8. An electric assist turbocharger structure according to claim 6, wherein: an annular cavity is arranged between the hollow shaft and the shaft sleeve, the part of the hollow shaft corresponding to the annular cavity is arc-shaped, the annular cavity forms an arc-shaped cavity, the annular cavity is used for expanding the volume of the annular cavity and shortening the distance between the annular cavity and the third cooling channel, air in the arc-shaped cavity is cooled through the third cooling channel, the arc-shaped cavity is adjacent to an inner hole of the hollow shaft, and under the working state of the high-speed permanent magnet motor, annular air flow is formed in the arc-shaped cavity and exchanges heat with the air in the hollow shaft to cool the interior of the hollow shaft.

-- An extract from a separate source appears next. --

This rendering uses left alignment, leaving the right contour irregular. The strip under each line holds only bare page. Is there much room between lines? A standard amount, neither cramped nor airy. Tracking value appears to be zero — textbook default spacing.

9. An electric assist turbocharger structure according to claim 8, wherein: a gap is formed at the matching position of the hollow shaft and the flange plate, so that heat exchange is carried out between air in the circular arc-shaped cavity and air in the air flow channel.

10. An electric assist turbocharger structure according to claim 2, wherein: interference magnitude exists between the shaft sleeve and the impeller locking nut as well as between the shaft sleeve and the end face of the hollow shaft; the end face of the hollow shaft is simultaneously contacted with the end face of the shaft sleeve and the end face of the turbine shaft.